Limitations and What Can Go Wrong
PGT is not a guarantee. Several limitations are worth understanding before you decide.
- Diagnostic failure: For PGT-M specifically, about 10 to 12% of biopsied embryos produce inconclusive results, meaning the test couldn’t give a clear answer. A second biopsy may be needed.
- False results: Because the biopsy samples the outer layer of the embryo rather than the part that becomes the baby, there’s a small chance the genetics of those cells don’t perfectly represent the embryo as a whole. An embryo labeled abnormal might actually be healthy, and vice versa.
- Fewer embryos to work with: After testing, some embryos will be classified as abnormal and typically won’t be transferred. If you started with only a few embryos, you could end up with none that pass screening.

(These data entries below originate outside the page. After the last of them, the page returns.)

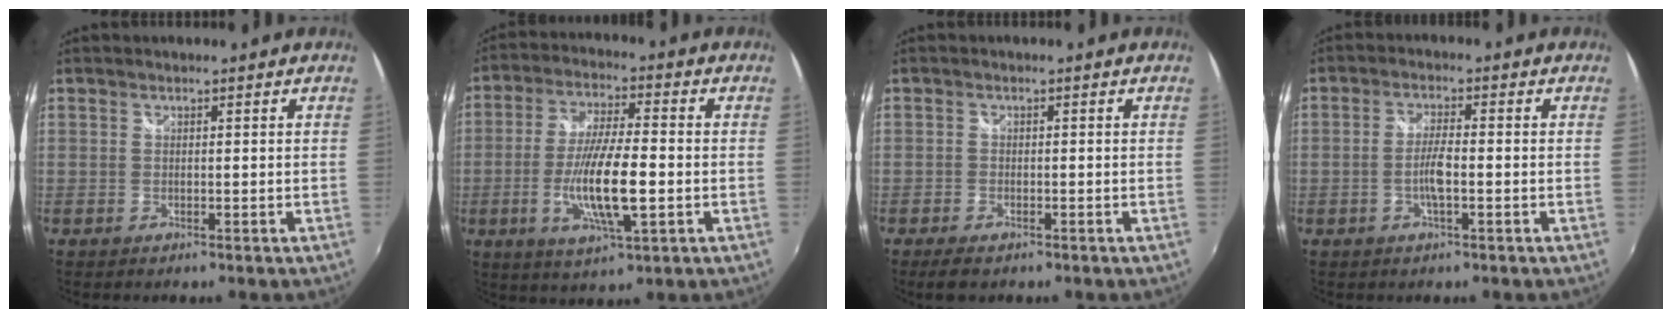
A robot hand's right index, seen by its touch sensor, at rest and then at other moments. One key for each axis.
{"total": 12.5, "fx": -2.9, "fy": 2.4, "fz": 11.9, "tx": -0.230, "ty": -0.012, "tz": -0.054}
{"total": 3.7, "fx": -2.7, "fy": 1.5, "fz": 2.0, "tx": -0.047, "ty": -0.015, "tz": -0.048}
{"total": 4.0, "fx": -1.2, "fy": 0.6, "fz": 3.8, "tx": -0.077, "ty": 0.001, "tz": -0.022}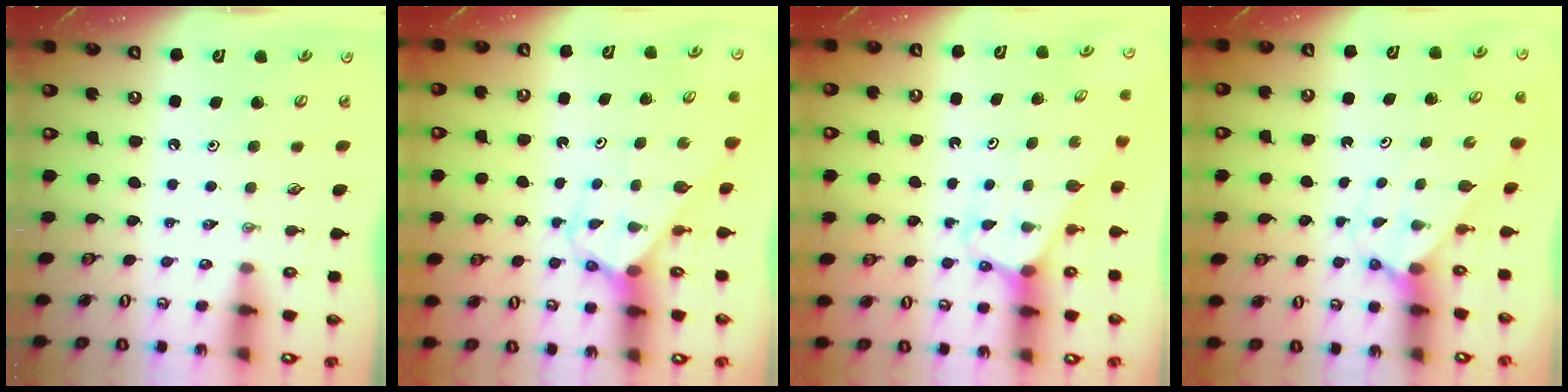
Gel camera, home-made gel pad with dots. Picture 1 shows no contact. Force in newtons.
{"total": 3.3, "press": 3.3, "slide": 0.1}
{"total": 3.2, "press": 3.2, "slide": 0.2}
{"total": 2.6, "press": 2.6, "slide": 0.3}

- No test for everything: PGT-A checks chromosome number, PGT-M checks for one specific gene, and PGT-SR checks for structural rearrangements. None of them screen for every possible genetic condition, birth defect, or developmental issue.
Cost of PGT
PGT adds a significant expense on top of a standard IVF cycle, and the bill typically comes in two parts: the embryo biopsy fee charged by your fertility clinic, and a separate genetics laboratory fee for the actual analysis. Nationally, PGT-A adds roughly $4,000 to $5,000 for the biopsy and lab work combined. On top of that, because embryos are frozen during testing, you’ll also need a frozen embryo transfer cycle, which adds another $4,000 to $5,000 at many clinics. The total additional cost for PGT-A is often $8,000 to $10,000 beyond your base IVF cycle, though some clinics offer significantly lower pricing. PGT-M and PGT-SR can cost more because of the custom test design required for your specific genetic situation. Insurance coverage for PGT varies widely, so it’s worth checking your plan before committing.